In this chapter, we have seen that grasping everyday life and participating in everyday life became more challenging for our algorithms as they moved from experimentation to something closer to system testing in the train station and airport. What might be termed the real world conditions of real time and real space operations proved difficult. Indeed the algorithmic system needed more development to cope with these new exigencies. Further measurements and a new database were required to build durable links between the space of the airport and train station and the video stream that flowed through the system.

As our algorithms moved from experimentation towards testing in the train station and airport, its calculations changed, the system components were further developed, a more complex and uncertain everyday life needed to be engaged. This was all oriented towards demarcating relevant from irrelevant data in order to delete. Deletion was seen as crucial by the project coordinators to achieving the project’s ethical aims and in order to start building a market value for the technology under development. The system, it was hoped, would become the first choice among firms looking for automated ways to manage their adherence to new data regulations.

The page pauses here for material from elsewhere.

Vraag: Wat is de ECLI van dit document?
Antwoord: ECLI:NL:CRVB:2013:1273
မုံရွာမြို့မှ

Yet deletion could not only happen through demarcation. Decisions had to be taken on the form that deletion would take (changing the route to access data, expunging, overwriting, corrupting data) and the means to accountably demonstrate that deletion had happened. Although decisions were made on all these matters, problems remained. The anticipated nothing—the deletion of irrelevant data—retained a troubling presence in orphan frames that inexplicably escaped the deletion protocols. The anticipated something—a log that accountably demonstrated to audiences that deletion had taken place—was then undermined. In place of a pristine account of nothing (the deleted) was a continual demonstration of the presence of something (the orphan frames): the algorithmic machine had become an expert in accountably demonstrating its own failures. This disruptive blank figure , always attentive to the order in which it was expected to work, was simultaneously managing to challenge that order, by placing significant questions next to the algorithmic system’s future viability. As we will see in Chapters 5 and 6, these questions only become more pronounced over time.

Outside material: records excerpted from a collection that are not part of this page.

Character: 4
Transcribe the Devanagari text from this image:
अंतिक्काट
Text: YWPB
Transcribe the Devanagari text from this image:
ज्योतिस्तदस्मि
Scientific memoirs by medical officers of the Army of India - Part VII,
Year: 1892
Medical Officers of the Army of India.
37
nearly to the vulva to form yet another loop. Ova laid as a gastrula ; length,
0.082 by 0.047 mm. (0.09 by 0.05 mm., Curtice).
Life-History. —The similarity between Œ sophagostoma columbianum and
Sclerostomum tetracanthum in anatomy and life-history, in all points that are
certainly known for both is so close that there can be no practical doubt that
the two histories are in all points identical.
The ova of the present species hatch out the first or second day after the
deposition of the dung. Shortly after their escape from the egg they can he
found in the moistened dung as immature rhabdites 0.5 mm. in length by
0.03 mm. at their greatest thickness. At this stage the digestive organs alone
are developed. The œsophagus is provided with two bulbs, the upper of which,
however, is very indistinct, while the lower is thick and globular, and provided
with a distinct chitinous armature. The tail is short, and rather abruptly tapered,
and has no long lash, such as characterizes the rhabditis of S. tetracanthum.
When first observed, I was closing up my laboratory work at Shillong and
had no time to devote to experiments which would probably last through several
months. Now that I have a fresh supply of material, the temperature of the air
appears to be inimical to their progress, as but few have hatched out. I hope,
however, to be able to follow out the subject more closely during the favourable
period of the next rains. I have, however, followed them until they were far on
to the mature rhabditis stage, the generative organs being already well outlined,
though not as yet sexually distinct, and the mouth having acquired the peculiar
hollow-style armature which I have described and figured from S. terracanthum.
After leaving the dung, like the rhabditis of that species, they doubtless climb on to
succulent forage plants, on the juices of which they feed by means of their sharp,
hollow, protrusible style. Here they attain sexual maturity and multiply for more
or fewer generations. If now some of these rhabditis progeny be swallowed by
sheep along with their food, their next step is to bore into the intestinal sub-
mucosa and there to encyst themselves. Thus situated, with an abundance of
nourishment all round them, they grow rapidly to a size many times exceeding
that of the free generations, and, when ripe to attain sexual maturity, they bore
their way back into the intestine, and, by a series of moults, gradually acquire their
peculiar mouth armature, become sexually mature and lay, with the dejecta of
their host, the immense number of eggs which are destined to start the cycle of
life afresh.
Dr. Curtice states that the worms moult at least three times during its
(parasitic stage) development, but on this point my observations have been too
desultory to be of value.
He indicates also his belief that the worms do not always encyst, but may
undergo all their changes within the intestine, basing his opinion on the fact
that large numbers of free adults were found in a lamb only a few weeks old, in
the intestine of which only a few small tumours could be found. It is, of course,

In sum, we have seen in this chapter that doing deletion can be a form of active qualculative work. The members of the project team dedicated hours and effort to build a machine to algorithmically delete. The technical work was also preparatory market work and accountability work. It involved coordination, computer science, social science, the invocation of end-user needs, and different ways to understand a developing policy environment. Doing this work was neither singular nor straightforward, but involved somehow making something from this diverse array. And making something required qualculations to separate out and identify objects, then bring those objects together in object classifications in order to be judged. Yet setting limits for our algorithmic system through deletion was not straightforward; for something to be convincingly limited, it needed to be demonstrably and accountably limited. The work to produce an accountable deleting machine was focused on producing a machine that could account for itself and the way it set limits, demonstrating nothing (the product of deletion) as a prior step to something (the account of nothing, building a world of relations of value into the technology). However, accountability work was also uncertain and a little precarious with the world of relations of people and things assembled to do accountability, shifting between certainty and uncertainty. The study of making deleting accountable, emphasised this precariousness—to prove that nothing existed as a result of something being deleted, without resurrecting the thing deleted, proved an ongoing conceptual and practical challenge. As we will see in Chapter 5, this was only the start of a series of challenges for our algorithms.